Als ich unten im Tal ankam, wollte ich in der Kirche direkt einmal nachsehen, ob ich dort einen Stempel finden konnte, um diesem in meinem kleinen Pilgerbuch zu verewigen. Ich schaute nach, jedoch konnte nirgendwo einen Stempel finden, auch nicht unter den Bänken. Dann plötzlich, als ich mich inmitten der Kirche befand, hörte ich Gesänge. Ähh, wer sang denn hier, fragte ich mich. Ich konnte niemanden sehen. Der Gesang musste über die Boxen kommen. Einen Bewegungsmelder konnte ich ebenfalls nirgendwo sehen und eine besondere Uhrzeit hatten wir auch nicht. War das ein kleiner Gruß vom Universum? Wenn ja, war es ein recht charmanter Gruß. ? Nach rund fünf Minuten war die Dudelei auch schon wieder vorbei und ich fühlte mich, als wäre ich gerade das Opfer von der versteckten Kamera geworden. Auch an der Eingangstür fand ich keine Info oder Hinweis auf die Gesänge. Komisch, aber spannend und interessant war es auf jeden Fall. ?

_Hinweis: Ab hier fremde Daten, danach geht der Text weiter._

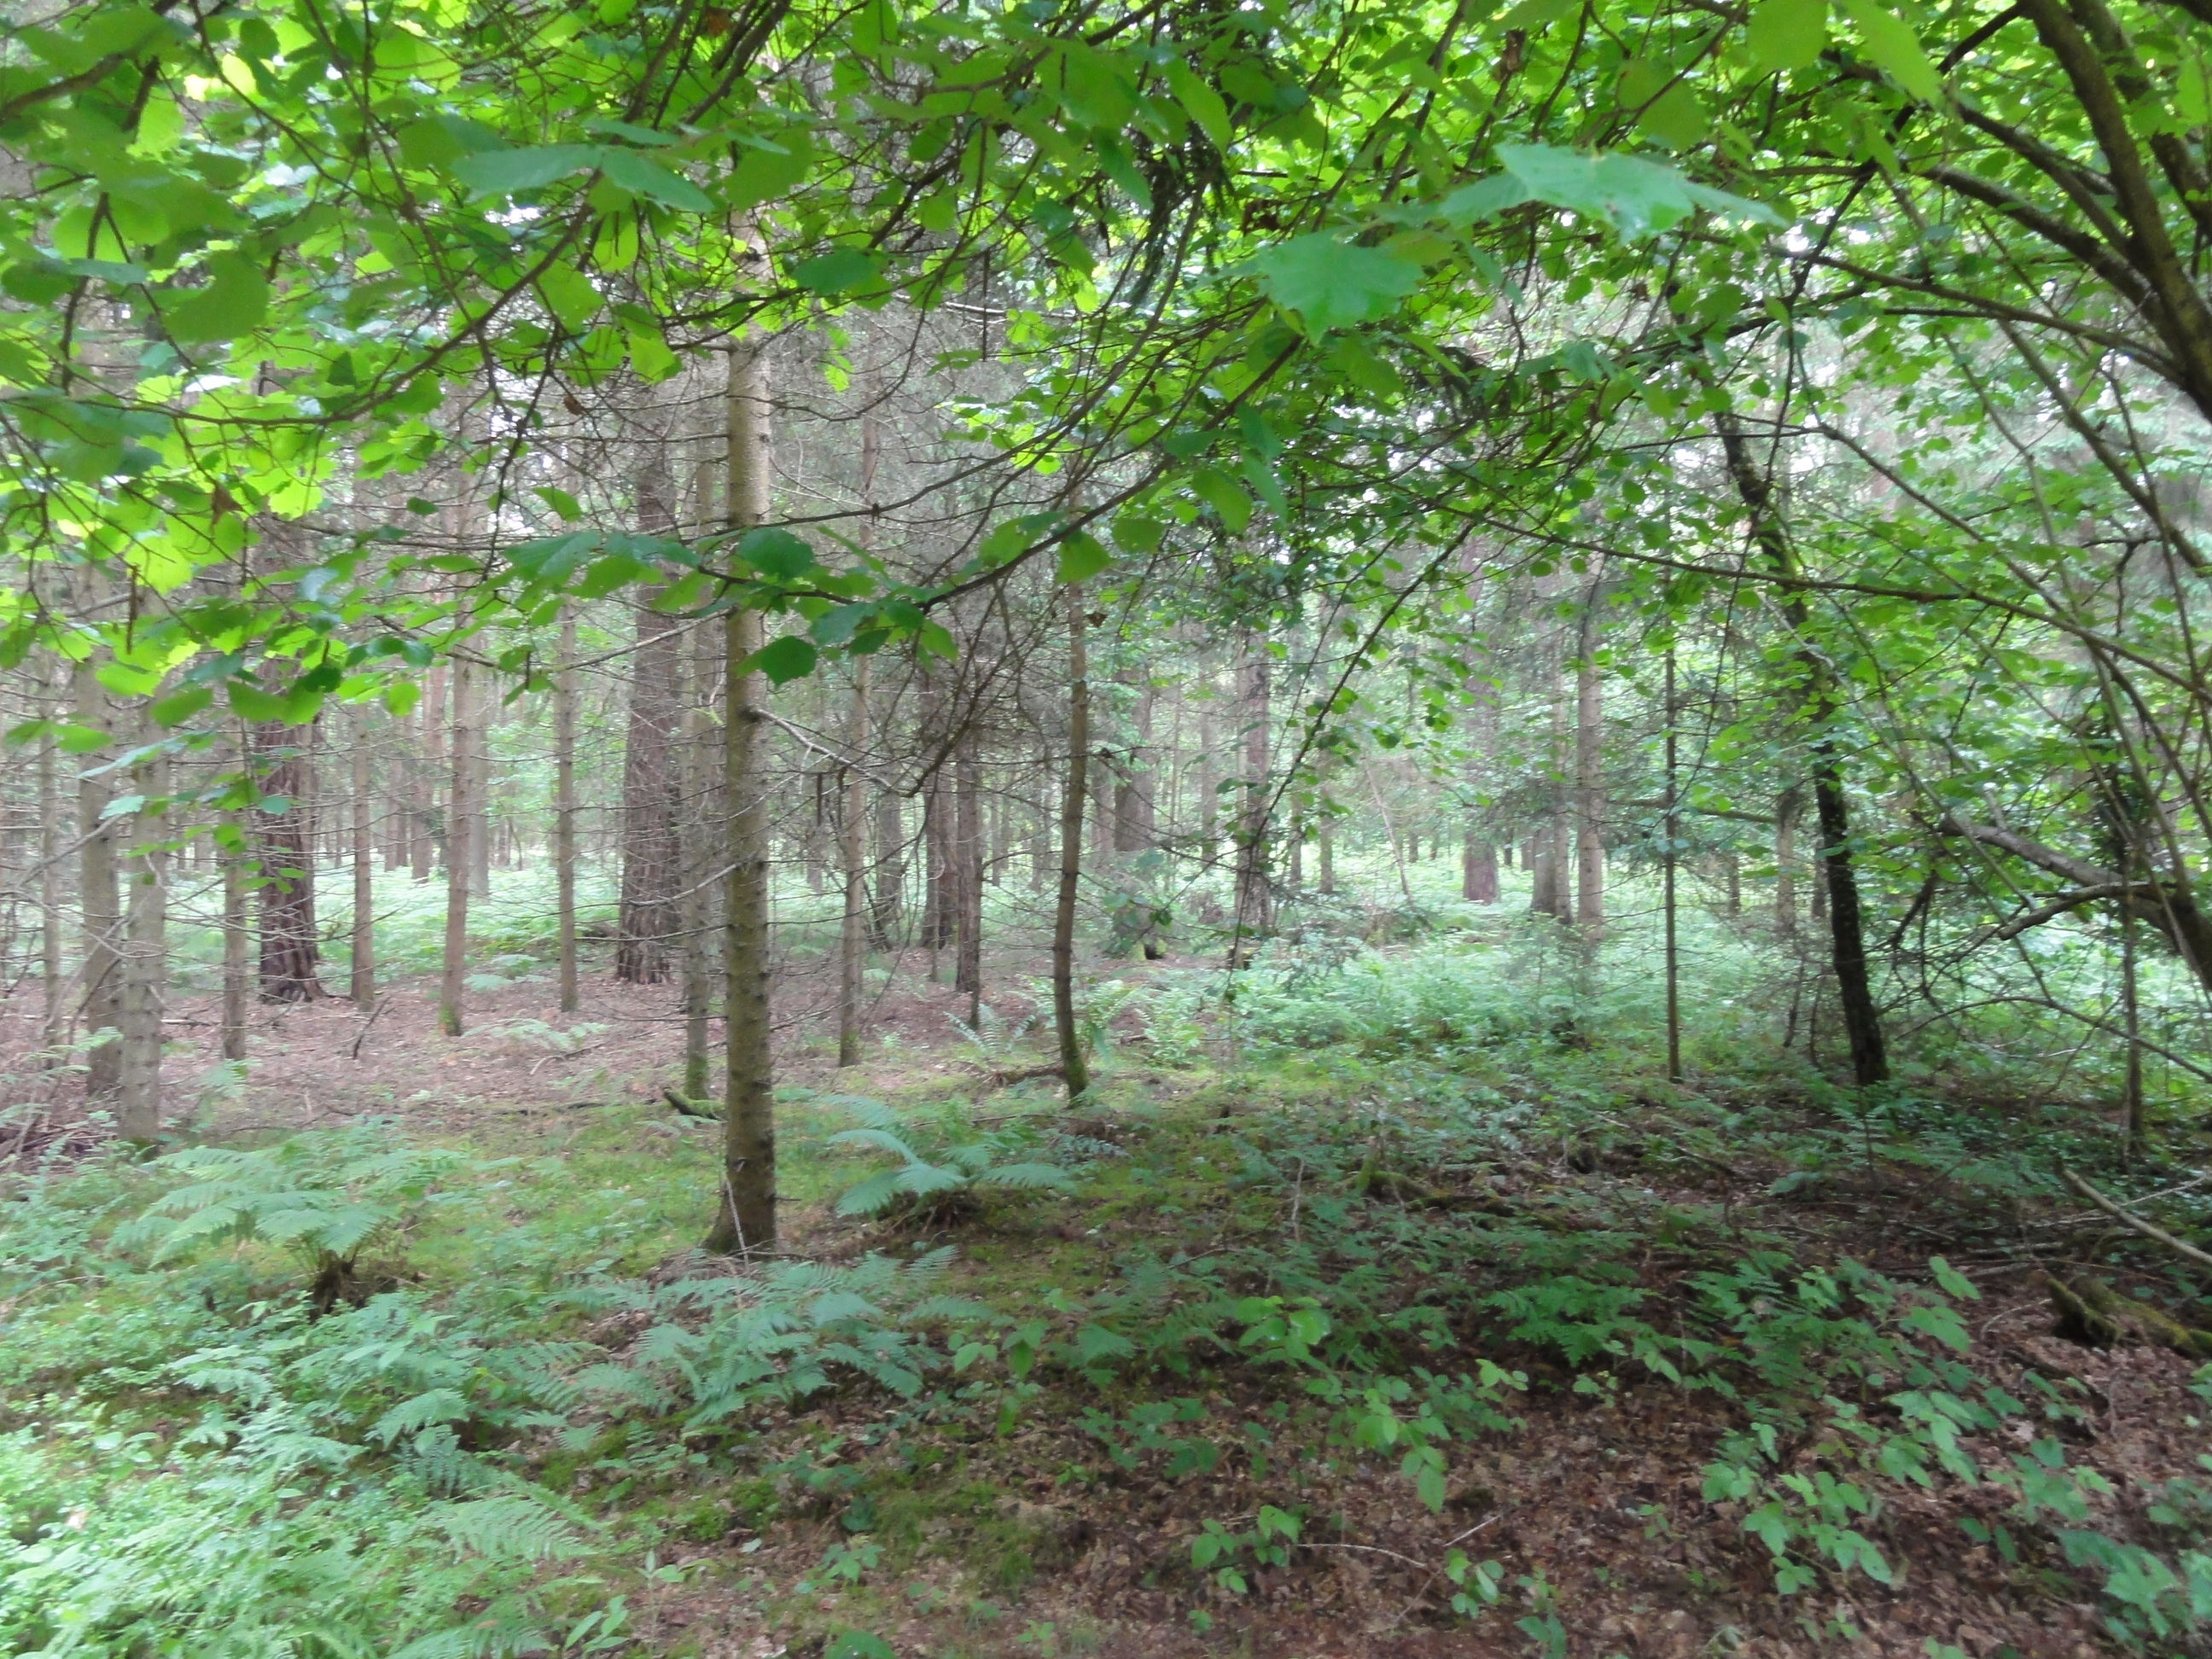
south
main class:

Weiter auf dem Jakobsweg fand ich dann auch hier in Frankreich das erste Mal einen extra Pilger-Stop. In einer kleinen Scheune direkt gebenüber einem Wohnhaus, war ein Platz mit einer Sitzgelegenheit und einer Theke, auf der man diverse Getränke gegen einen kleinen Preis kaufen konnte, eingerichtet. Auf der Theke fand ich auch einen Pilgerstempel, den ich direkt in meinem Büchlein verewigen musste. Solche netten Arrangements finde ich immer besonders toll und schätze diese unheimlich.

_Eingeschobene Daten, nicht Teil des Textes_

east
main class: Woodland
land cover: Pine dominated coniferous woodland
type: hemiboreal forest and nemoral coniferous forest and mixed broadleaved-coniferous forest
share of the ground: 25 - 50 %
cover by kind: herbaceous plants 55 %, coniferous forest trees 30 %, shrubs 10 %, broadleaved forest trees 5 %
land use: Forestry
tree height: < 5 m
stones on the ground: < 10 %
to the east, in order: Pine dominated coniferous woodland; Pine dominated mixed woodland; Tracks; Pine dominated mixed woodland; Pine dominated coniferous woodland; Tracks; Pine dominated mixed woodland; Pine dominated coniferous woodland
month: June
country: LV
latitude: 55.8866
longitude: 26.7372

Gegen fünf Uhr, nach rund 26 Kilometern, kam ich in meiner AirBnB Unterkunft an. Cathy hatte ein riesiges Anwesen. Ein riesiges Haus mit einem riesigen Garten dazu. Und das mitten im Nirgendwo. Wow, ich beneidete Cathy. Als ich die Terasse erreichte, kam Cathy auch schon direkt hinaus und begrüßte mich sehr sehr herzlich. Sie zeigte mir ihren riesigen Yoga-Raum, den ich gerne benutzen konnte. Auch um laut Musik zuhören und abzuzappeln. Das war unheimlich nett, doch dazu war mir heute nicht mehr zu Mute. ? Im ersten Stock hatte ich dann die Wahl zwischen drei Zimmern. Ich durfte wählen. Damit hatte ich nun gar nicht gerechnet. Das war ja eine riesige Wohnung. Zwar befand sich noch einiges in der Renovierung, aber es war schon ganz nett hier. Als ich mich für ein Zimmer entschieden hatte, ließ Cathy mich alleine, sodass ich mich einrichten konnte. Falls ich noch Zeit und Lust habe, kann ich gerne bei ihr mal vorbei kommen, sagte sie mir noch fix.
Da in dem Badezimmer keine Duschvorrichtung installiert war und ich nicht das halbe Badezimmer unter Wasser setzen wollte, entschied ich mich dafür ein schönes heißes Bad zu nehmen. Das hatte ich schon ewig nicht mehr gemacht, und ich war auch eigentlich kein Fan davon. Doch es war herrlich. Die Wärme tat richtig gut und ich konnte super entspannen. Wenn ich die Möglichkeit habe, würde ich nun das Baden stets bevorzugen. ?
Völlig entspannt aß ich eine Kleinigkeit in der riesigen Küche. Danach klopfte ich an der Tür von Cathy. Ich hatte gedacht, ein kleines Pläuschchen wäre zum Abschluss des Tages doch bestimmt nett. Ich hörte jedoch nichts. Na dann waren sie bestimmt schon am schlafen. Das war allerdings nicht weiter schlimm, denn ich war eh selber richtig müde und verkrümelte mich somit direkt in mein gemütliches Bett.
Willkommen bei der verstecken Kamera?